Method: Apply SVD throw away the points not-estimated well (look at the estimation error of those points) [this is important since the SVD repr. of those points is likely noise]

for each data point compute top k nearest neighbors (e.g. top 100 or top 1000 or until a threshold is reached)

create the data point to data point matrix make sure the graph represented in this matrix is not too disconnected (if so and this is desired, apply the following method to each connected component)

unitl AA’ is not well approximated: dir = Iteratively compute the principlal direction on the truncated matrix project all the data into this direction split the data points by their projections into three groups +1,-1, 0(or ?) truncate by setting the (?) to 0 set AA’ = AA’ - (lambda*)uu’ (u’ is the truncated version; lambda is the learning rate) //essentially a sparse additive model with a sigmoid note that AA’ is not the ground truth but 20 % approximation.
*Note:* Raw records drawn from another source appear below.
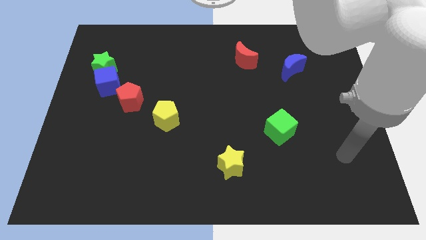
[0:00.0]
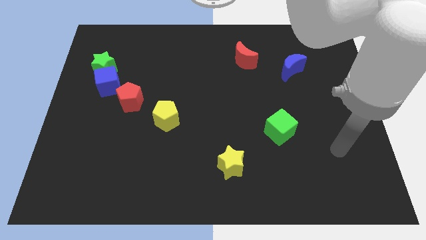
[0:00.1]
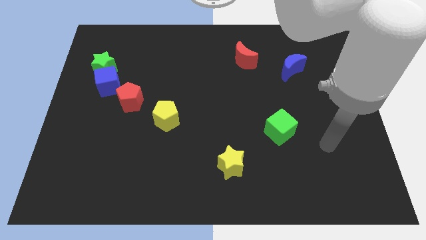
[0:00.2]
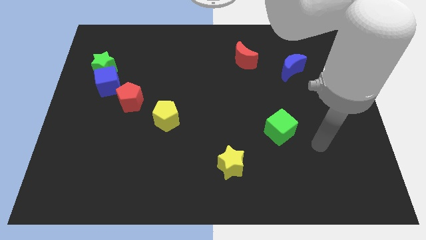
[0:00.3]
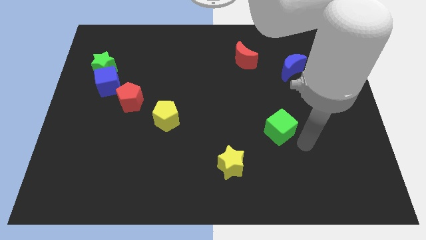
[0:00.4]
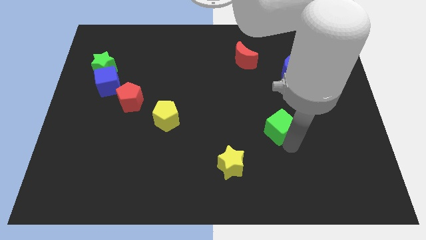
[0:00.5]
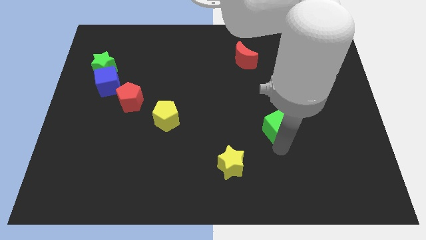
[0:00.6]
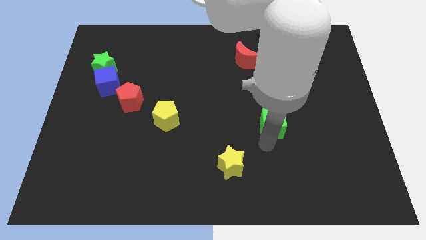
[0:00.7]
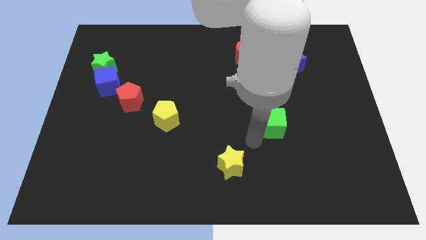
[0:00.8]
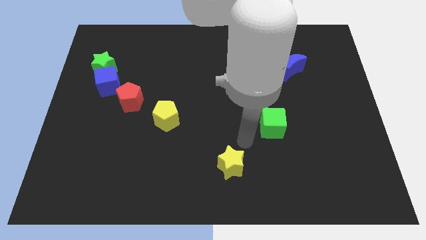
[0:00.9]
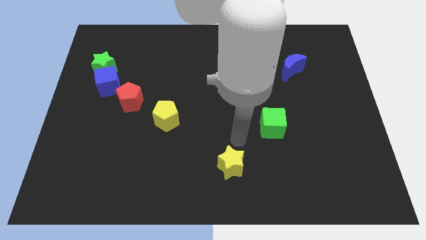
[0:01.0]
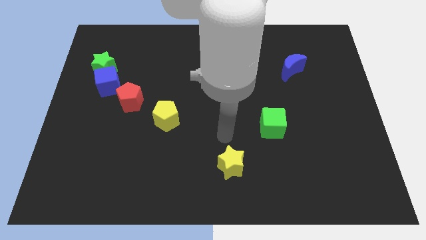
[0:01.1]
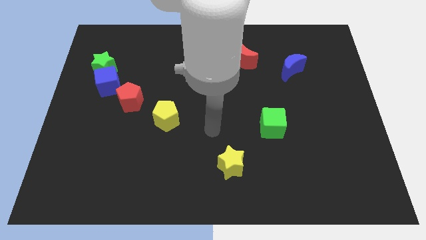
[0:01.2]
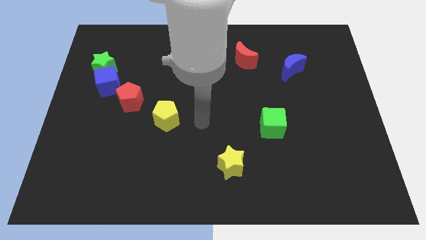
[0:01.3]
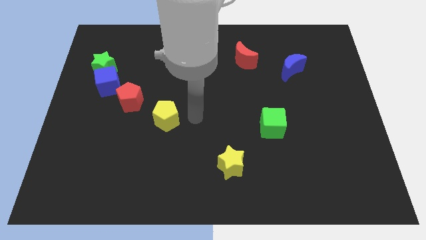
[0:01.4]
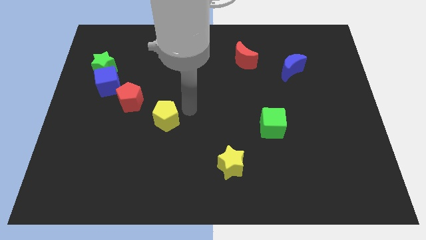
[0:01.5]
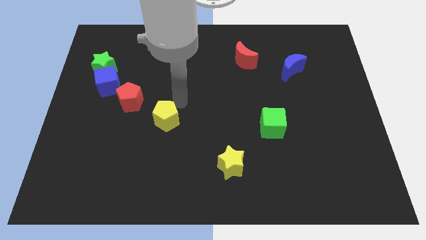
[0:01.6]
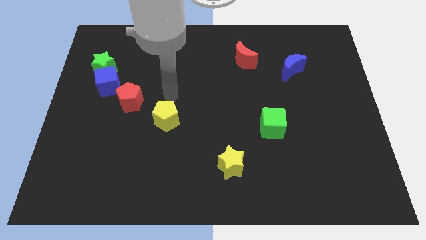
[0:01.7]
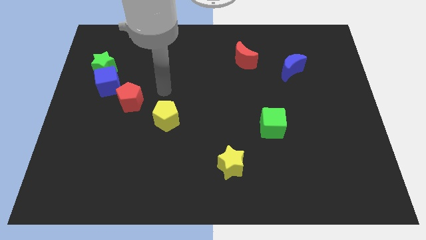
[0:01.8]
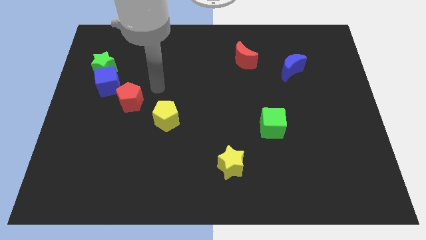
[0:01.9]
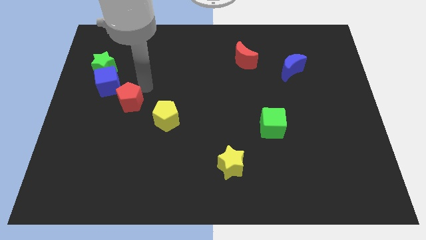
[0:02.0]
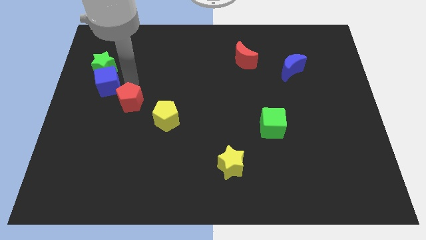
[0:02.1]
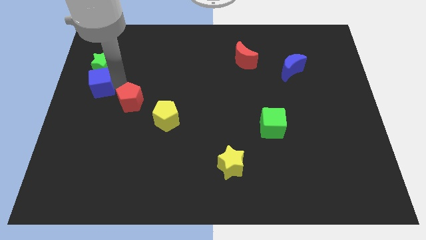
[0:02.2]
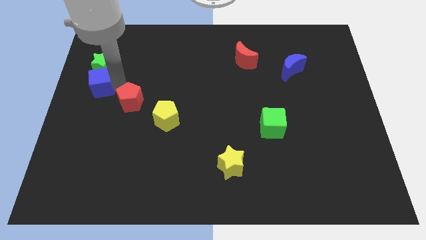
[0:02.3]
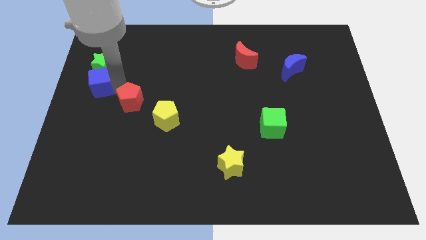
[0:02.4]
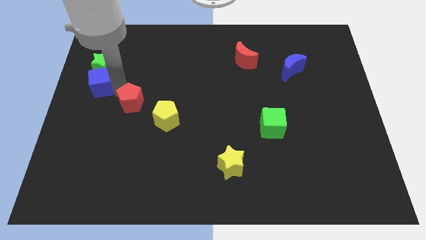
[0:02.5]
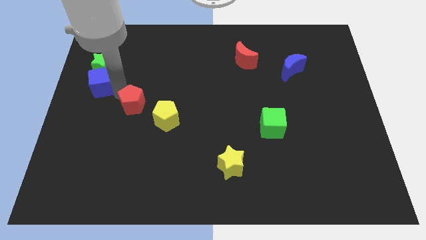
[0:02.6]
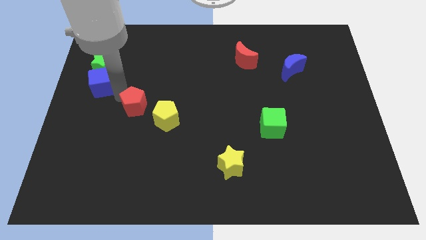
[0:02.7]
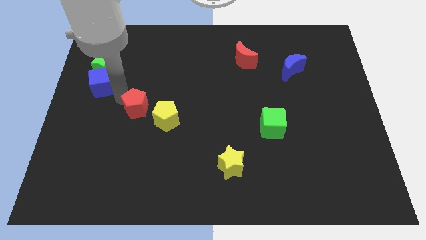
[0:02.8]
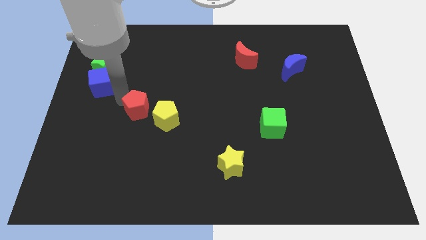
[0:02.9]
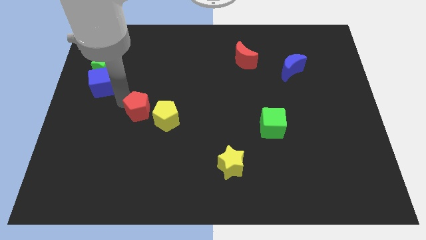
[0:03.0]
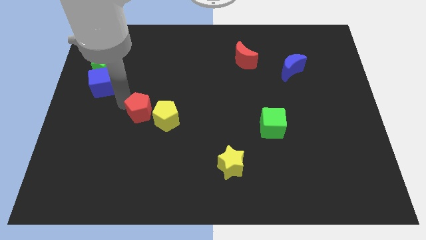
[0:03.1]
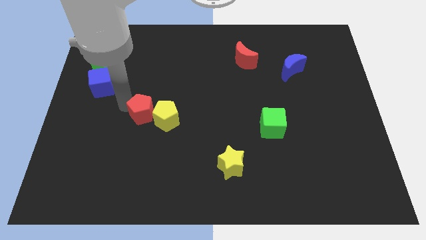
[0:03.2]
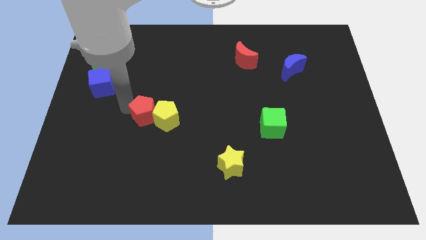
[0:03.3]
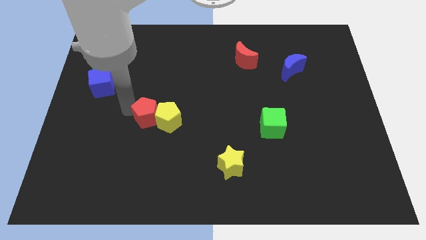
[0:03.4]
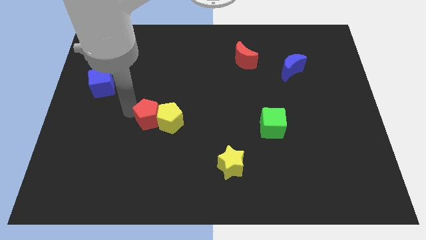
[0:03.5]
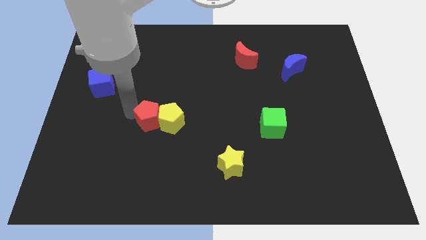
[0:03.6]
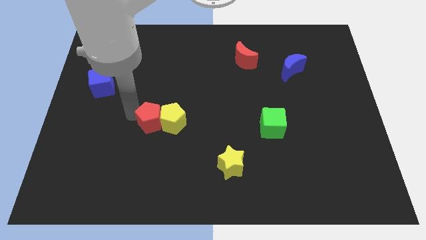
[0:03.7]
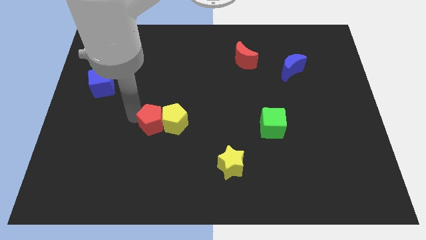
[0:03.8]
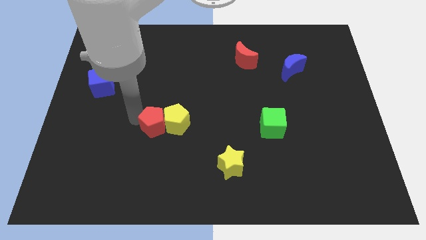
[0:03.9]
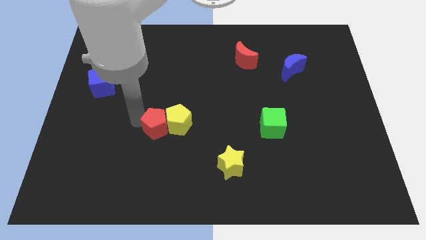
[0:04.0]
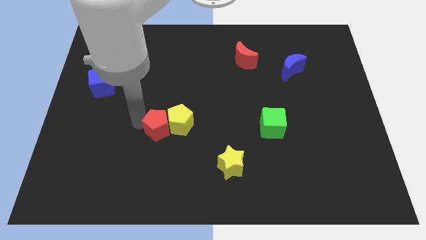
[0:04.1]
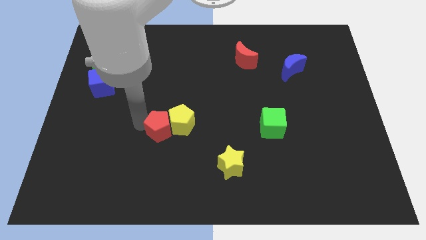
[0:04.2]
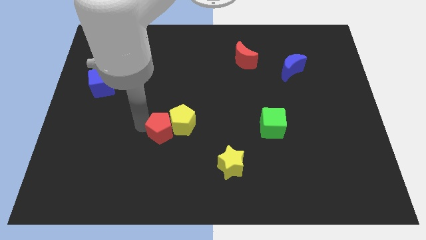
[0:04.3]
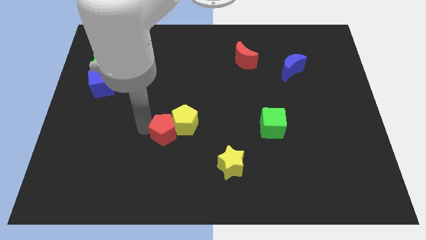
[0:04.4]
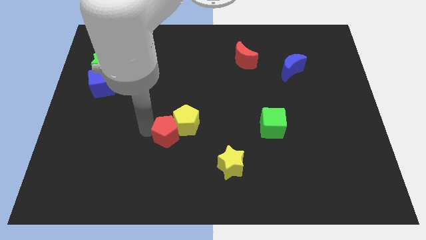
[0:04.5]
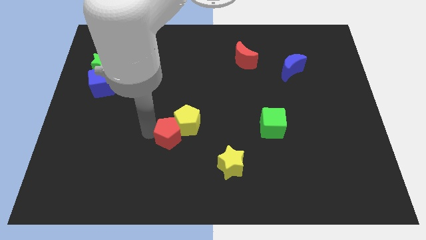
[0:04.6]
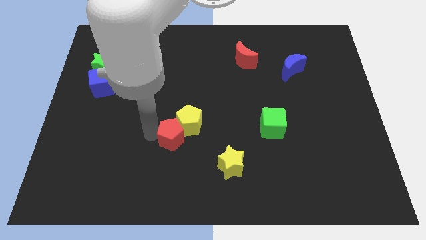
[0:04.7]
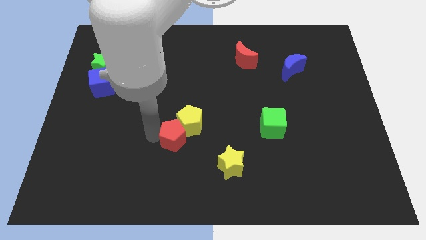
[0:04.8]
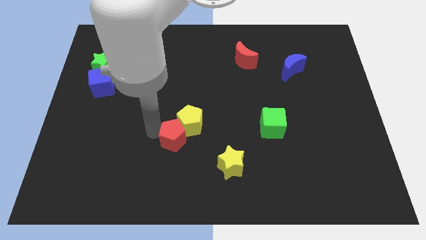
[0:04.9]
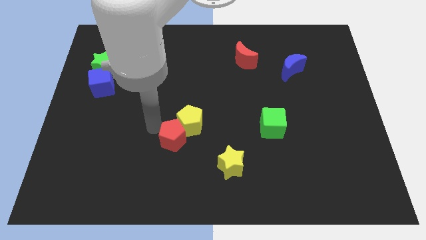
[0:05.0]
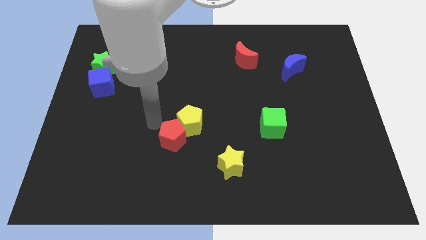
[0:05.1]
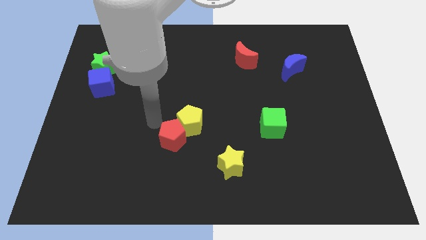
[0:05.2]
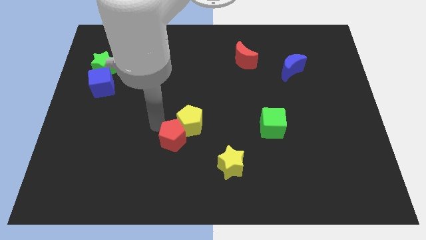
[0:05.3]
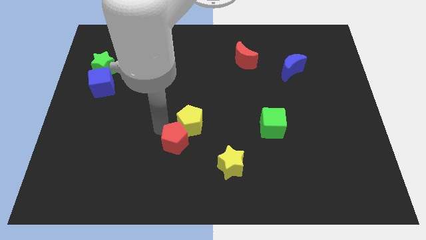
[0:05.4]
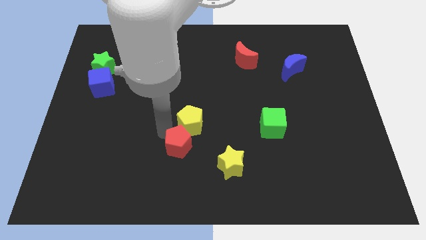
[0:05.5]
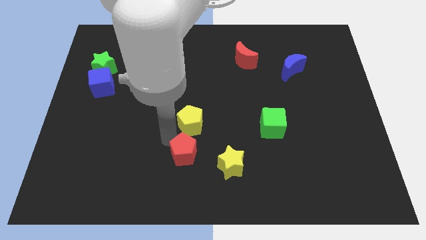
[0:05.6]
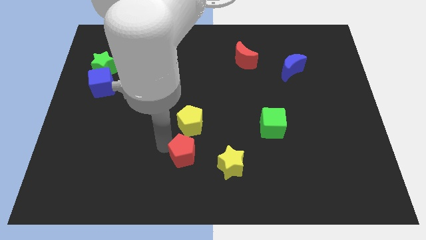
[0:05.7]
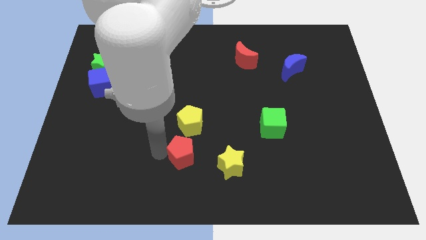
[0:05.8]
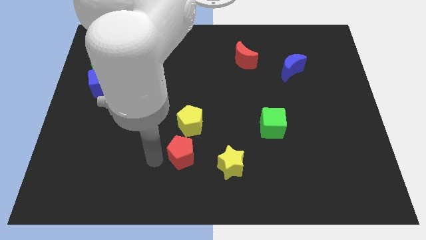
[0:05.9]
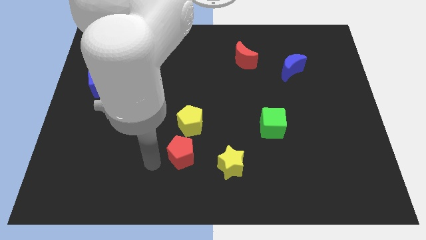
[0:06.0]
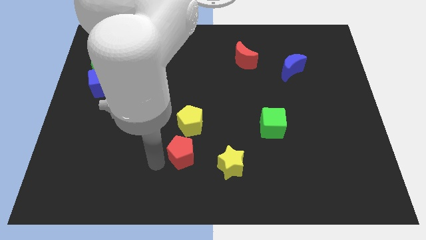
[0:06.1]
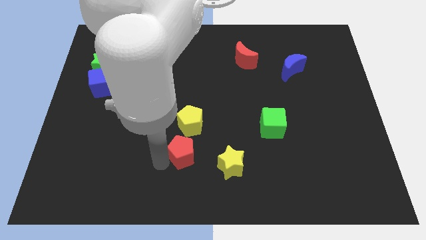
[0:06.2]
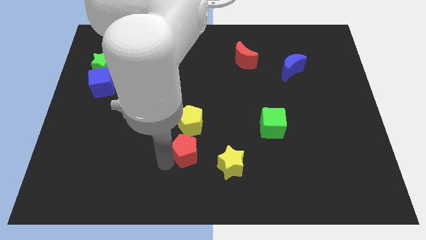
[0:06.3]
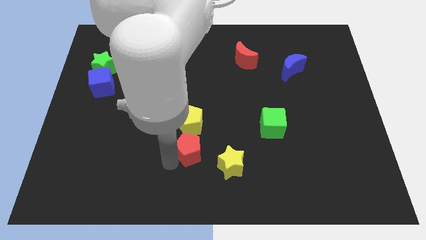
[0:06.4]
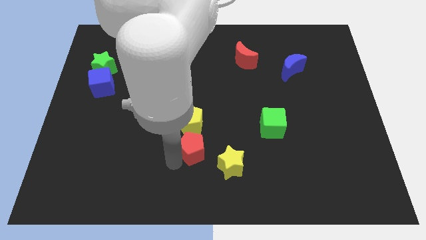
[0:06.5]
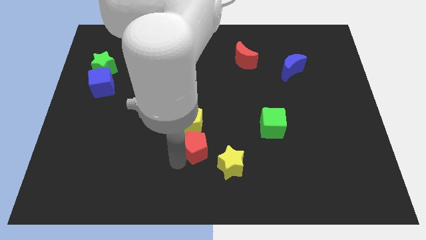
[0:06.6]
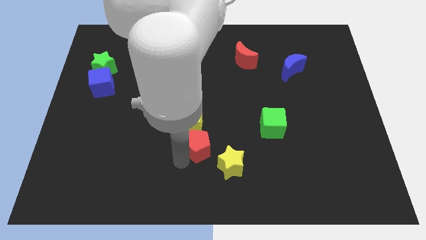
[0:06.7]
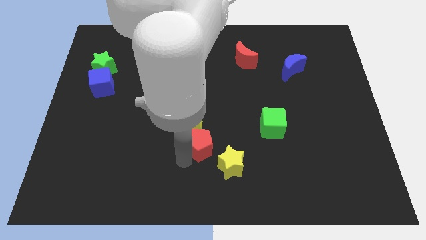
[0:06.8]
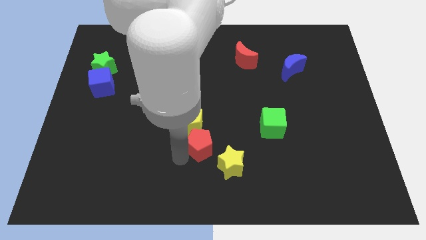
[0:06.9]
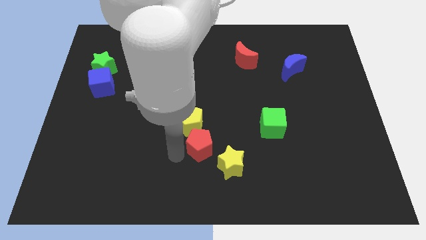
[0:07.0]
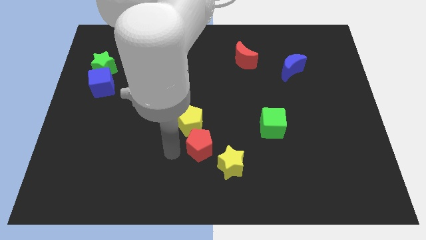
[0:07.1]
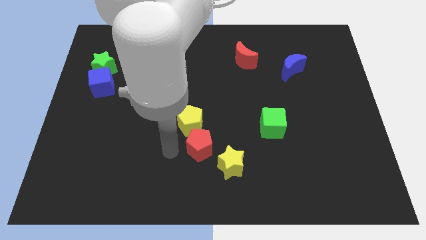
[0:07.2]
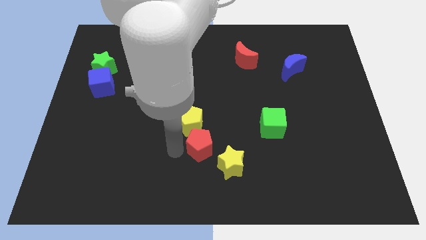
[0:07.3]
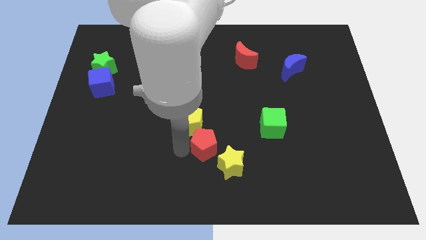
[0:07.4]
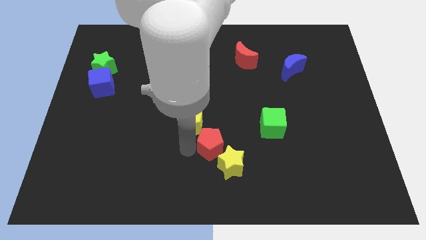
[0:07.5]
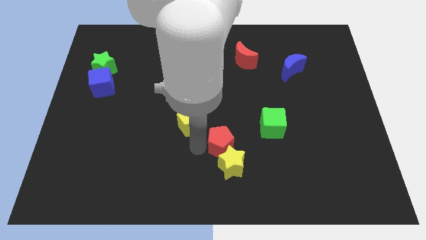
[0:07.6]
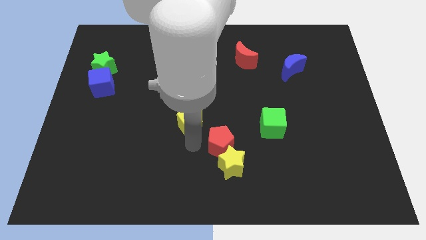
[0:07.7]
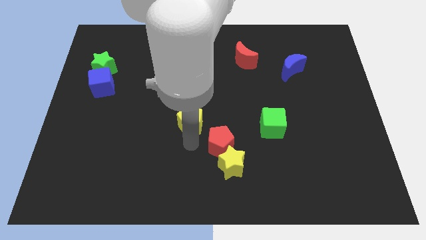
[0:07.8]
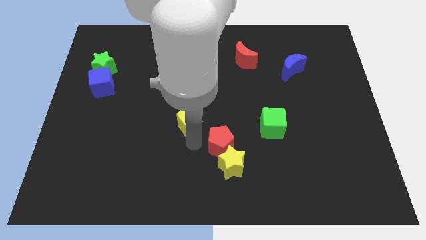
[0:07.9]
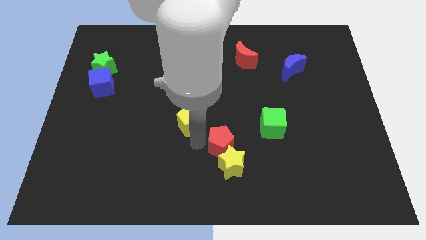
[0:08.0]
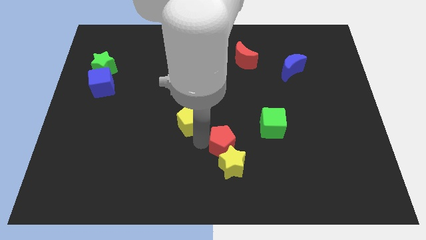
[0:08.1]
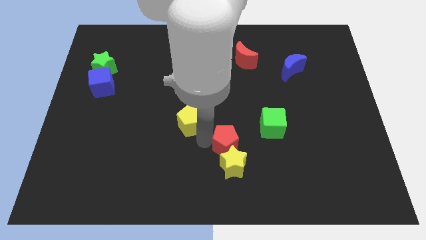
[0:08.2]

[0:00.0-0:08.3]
push the red pentagon to the bottom left side of the green cube

So we may want to recompute the distances to the points in +1,-1 buckets (the other thing is that inverted index typically can handle positive only) [make sure no point appears in more than 100 directions; you can put it in the objective]

Because in the end you may not get the residual to be 0, you can repeat a few times by adding the residula to AA’ (the residual is noise)

inutitively each direction is the overlap with a very strong cluster. You can also do some kind of “sparse” k-means and maybe improve.